Secondly, it’s worth pointing out that, at 8am, NESO’s transmission system demand forecast was within 50MW of the peak demand. This is very good forecasting, at that time scale. And throughout the day NESO’s forecast was good on what was a difficult day to forecast.
Also, NESO did use Demand Flexibility Service on 8th January. They put out a requirement for 500MW, and accepted 200MW of what was tendered, up to a price of £1290/MWh.
It isn’t the case that “had just one large power station tripped this evening, demand control would have been a real prospect”. The system is planned so that if the largest loss connected to the system occurs, then the system is resilient to this. That’s the point of the contingent and operating reserve requirements, and the operating margin is measured using the surplus of generation that can be activated within the relevant time scale over the demand plus reserve. The reserve requirement is higher the further ahead the assessment is made, because, for instance, the probability of a certain number of MW failing at day ahead stage is higher than the probability of the same number of MW failing within the final hour. All other things being equal the margin should increase as we reach real time, because the contingency reserve is falling towards the value of the largest loss.

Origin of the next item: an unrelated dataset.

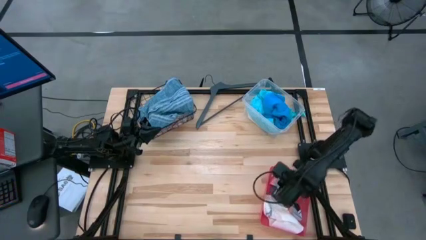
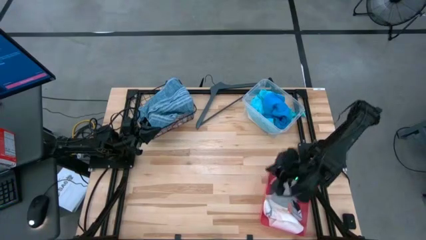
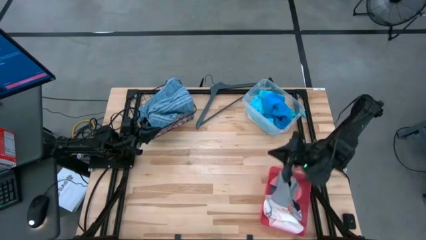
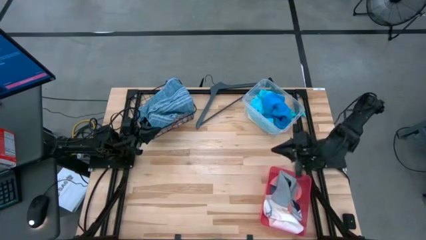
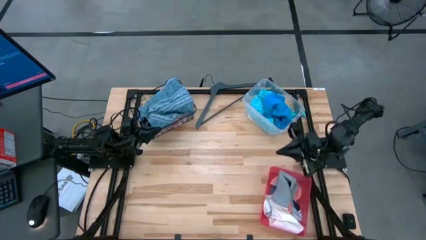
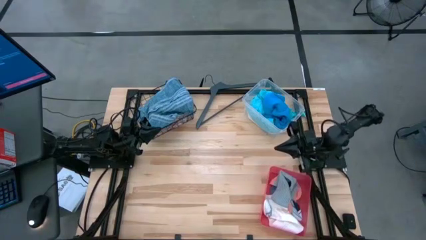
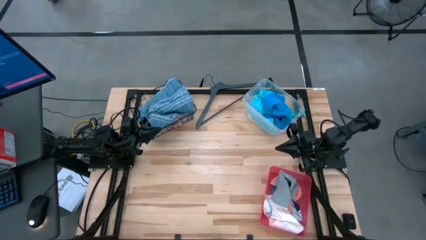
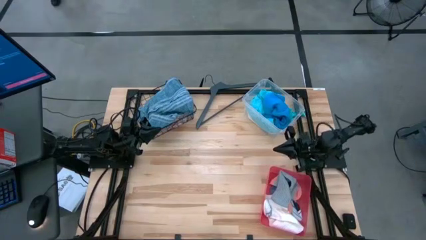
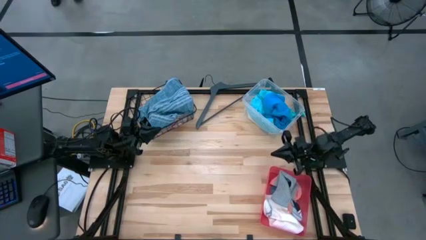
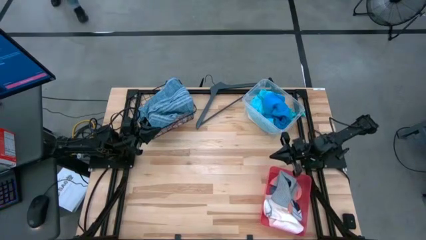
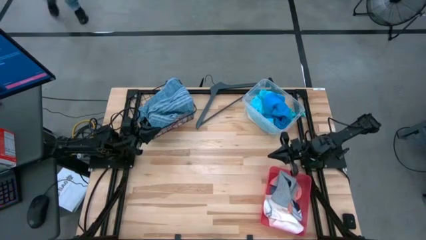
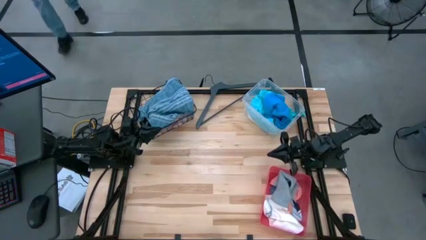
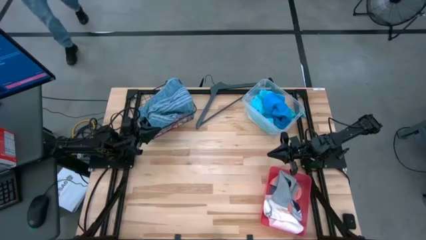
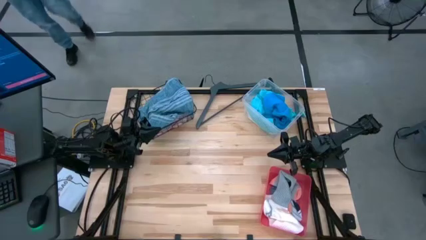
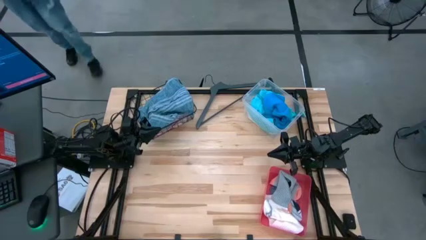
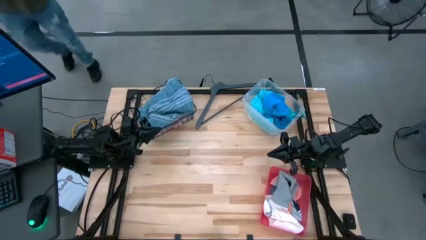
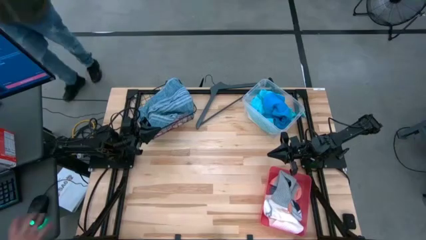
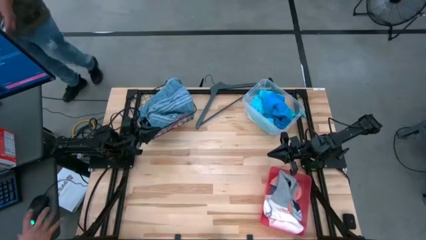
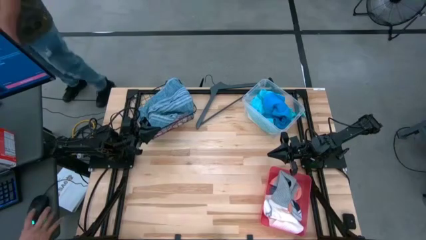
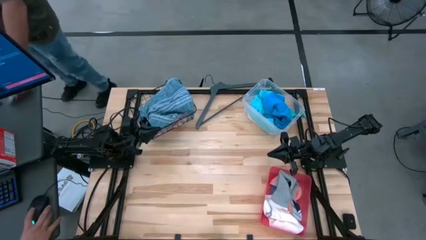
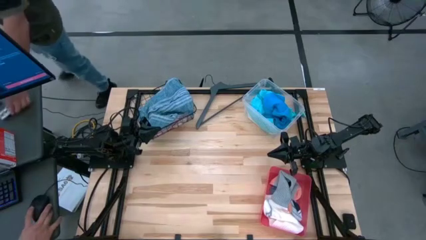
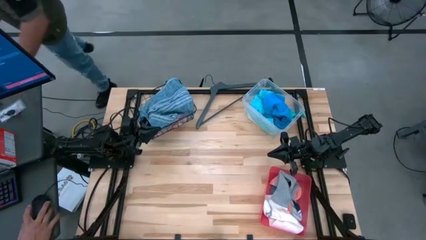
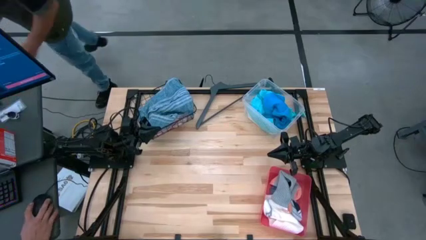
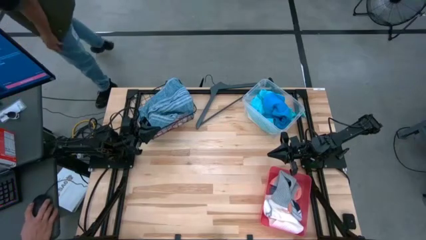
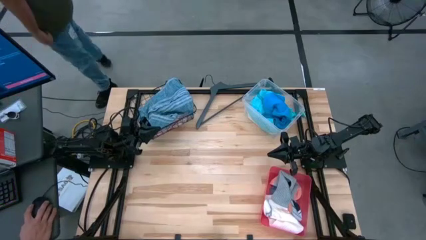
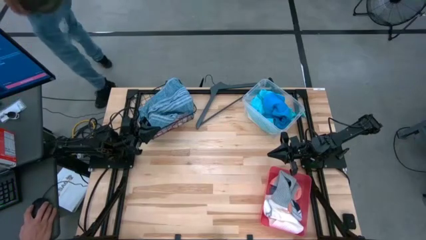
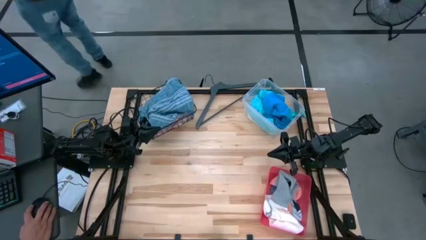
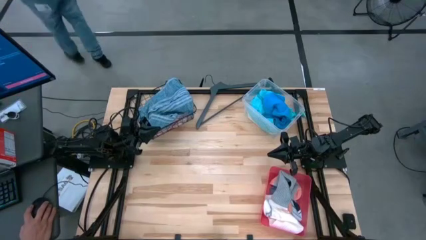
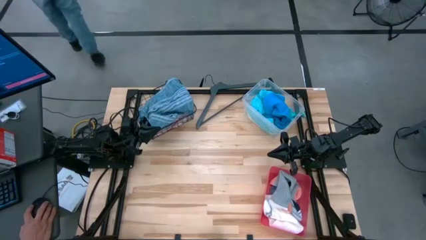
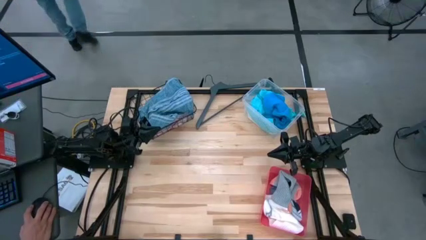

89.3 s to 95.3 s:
Task: Pick & Place Cloths
Return to Home Position

It is also worth noting what happened as the system approached and passed through the peak. With just under an hour to go, the Control Room took Rye House, which had been at its lowest stable limit of 410MW, out of a possible 695MW, off the system, as it was not required to meet the demand plus reserve requirement for the peak. In addition, the Control Room ran the system slightly “fast” over the peak, at 50.05Hz, ie with more generation than they strictly needed, as they could afford to do this with enough spare margin (they run it fast because it makes the system more resilient to a loss). And also they accepted about 300MW in bids in the balancing mechanism. In other words, they instructed generation to come off the system as it was not required. This isn’t characteristic of a system at breaking point.
Use of an Electricity Margin Notice shouldn’t be viewed with the alarm it sometimes generates in the media. It is a useful tool that ensures extra generation, which an asset owner might otherwise feel it isn’t worth getting ready for a particular day, is made available. And evidence, particularly from winter 2020/21 shows that between 1000 and 2000 extra MW can become available after an EMN is issued. It should be viewed as a standard tool of risk management, rather than apocalyptic!
Thank you for your take on our electricity requirements. I thought the interconnectors we have were for importing extra needs but it appears that if required, demand can transmit power out of our country as well.
Is Dinorwig short availability power station still in use in Wales? Does this mean if power was required abroad that this power station could be used. It was meant to give a quick burst of power, such as half time during a major football match when a lot of people put electric kettles on?